In addition, in March 1997, Nationwide Life Insurance Company ("Nationwide")
initiated an action in the Massachusetts Superior Court for Suffolk County,
entitled Nationwide Life Insurance Company v. San-Vel Concrete Corporation,
LoneStar Industries, Inc., GZA Geo-Environmental Technologies, Inc. and Finegold
Alexander & Associates, Inc. (the "Action"). The Action arises out of the 1995
collapse of a seven-story office building constructed in the early 1980's at 303
Congress Street in Boston, Massachusetts. The Action alleges that concrete
pilings designed, fabricated and installed by GZA's co-defendants were defective
and caused the building's foundation to settle, ultimately requiring its
condemnation and demolition. GZA had been engaged to perform certain
geotechnical engineering services with respect to the building. The Action
alleges that GZA's services were negligent and contributed to the defective
design and construction of the concrete pilings. Nationwide seeks damages in an
unspecified amount from GZA and the other defendants. GZA is vigorously
defending the Action and believes that it has meritorious defenses. Among other
things, the Company believes the Action (which was brought more than twelve
years after the building was opened for occupancy) is barred by the six-year
statute of repose provided in Chapter 260, Section 2B of the Massachusetts
General Laws, and that, even if the Action is not time-barred, the contract
between GZA and Nationwide's predecessor-in-interest limits the liability of GZA
to a maximum of $50,000. The Company's professional liability insurance carrier
has to date disclaimed any obligation to defend or indemnify the Company in
respect of the Action.

On November 28, 1997, the Company's motion for summary judgment was granted by
the Court, on the ground that the action is barred by the six-year statute of
repose. That order has not been appealed by the plaintiffs. However, the time
for appeal has not yet expired, and a final judgment in favor of the Company has
not yet been entered.

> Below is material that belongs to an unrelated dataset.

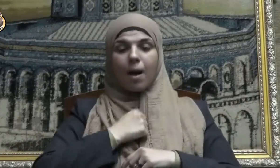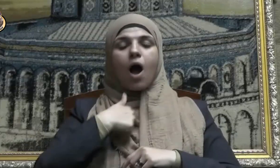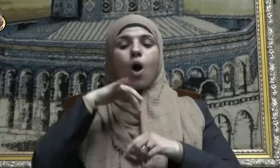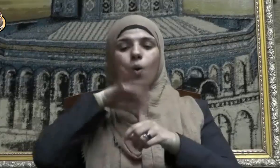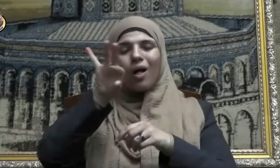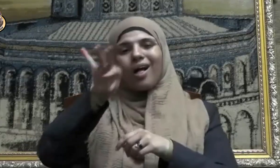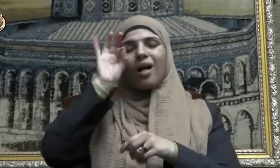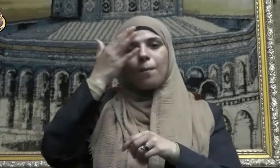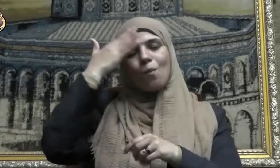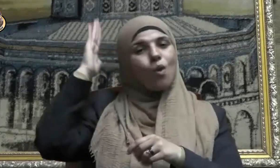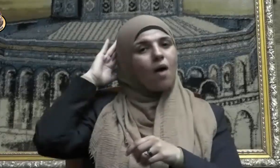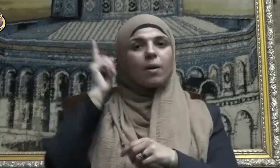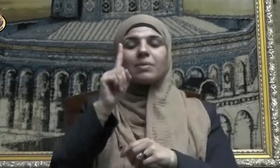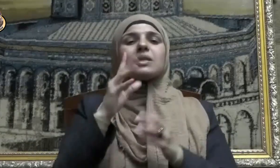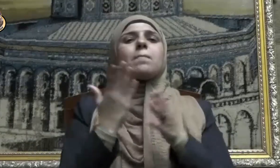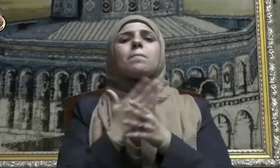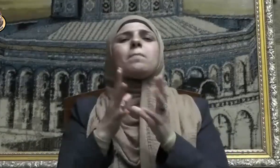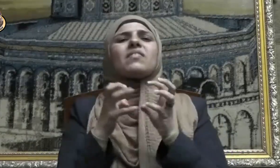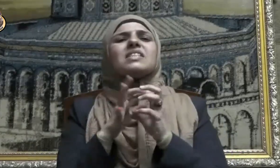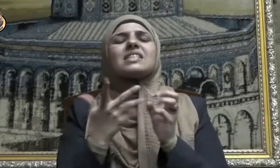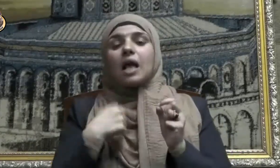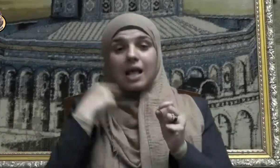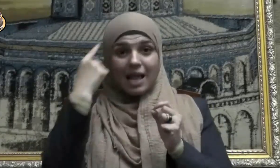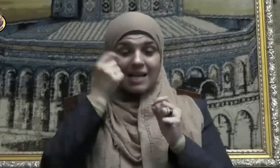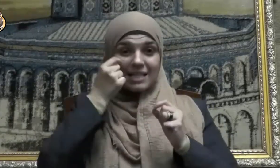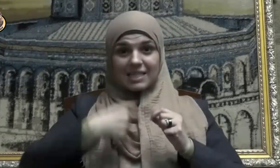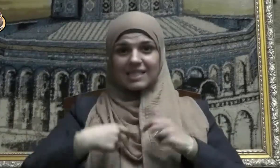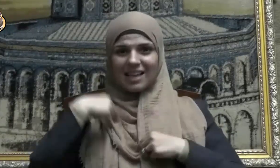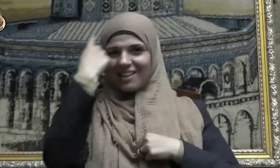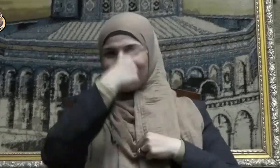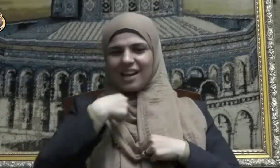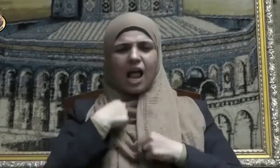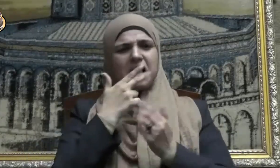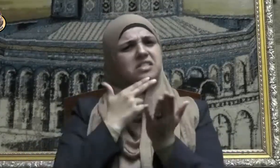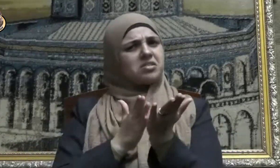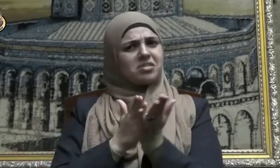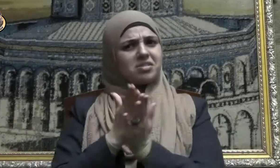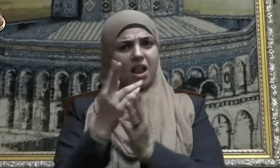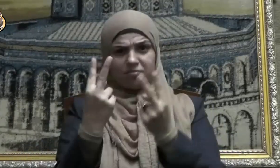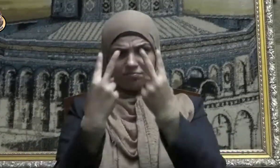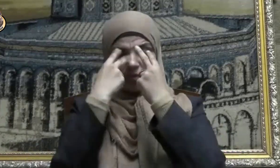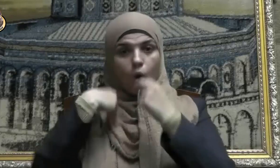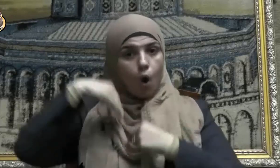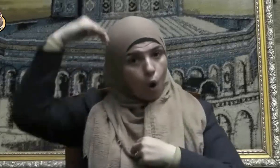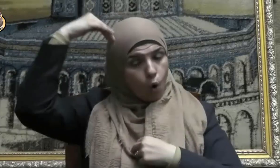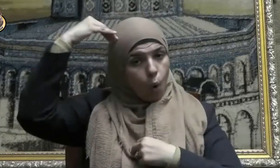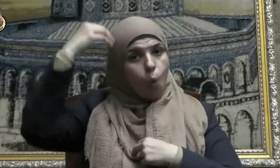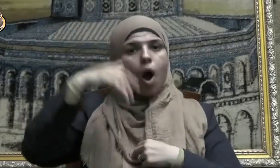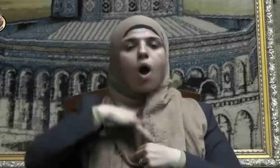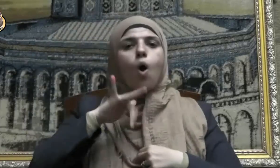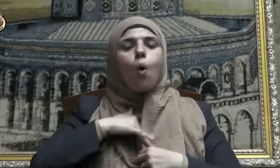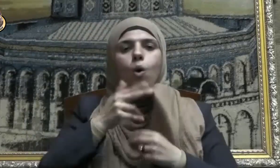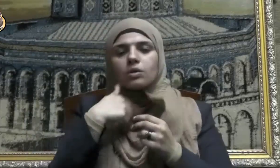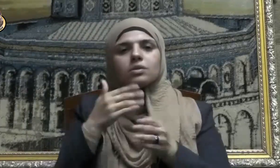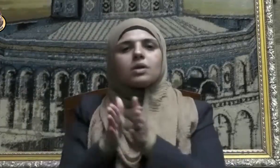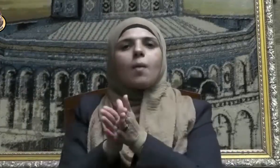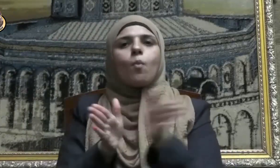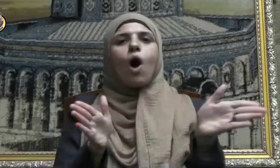وذلك بأن يظهر الإنسان الصلاحة ويبطن ما يخالف ذلك

If an appeal from the Court's summary judgment order in
favor of the Company is timely filed and is successful and if the matter
proceeds to trial, there can be no assurance that the Company will be successful
in defending the Action on the merits, and the cost of such a defense could be
substantial. The Company believes that it has established adequate reserves for
the Action in light of the circumstances known to the Company at this time.
However, protracted litigation, or an adverse outcome in the Action, which could
include an award of substantial damages against the Company, could have a
material adverse effect on the financial position and results of operations of
the Company.





                                       11

<PAGE>   12



ITEM 6.  EXHIBITS AND REPORTS ON FORM 8-K

(a)     EXHIBITS

        3.1     Restated Certificate of Incorporation of the Company (1)

        3.3     Amended and Restated By-Laws of the Company (2)


        27.     Financial Data Schedule for the period ended November 30, 1997.

(b)     REPORTS ON FORM 8-K

        The Company did not file any report on Form 8-K during the three month
        period ended November 30, 1997.


















(1)     Incorporated by reference to the similarly numbered exhibit included in
the Company's Form S-1 Registration Statement, File No. 33-29369, filed with the
Commission on June 16, 1989.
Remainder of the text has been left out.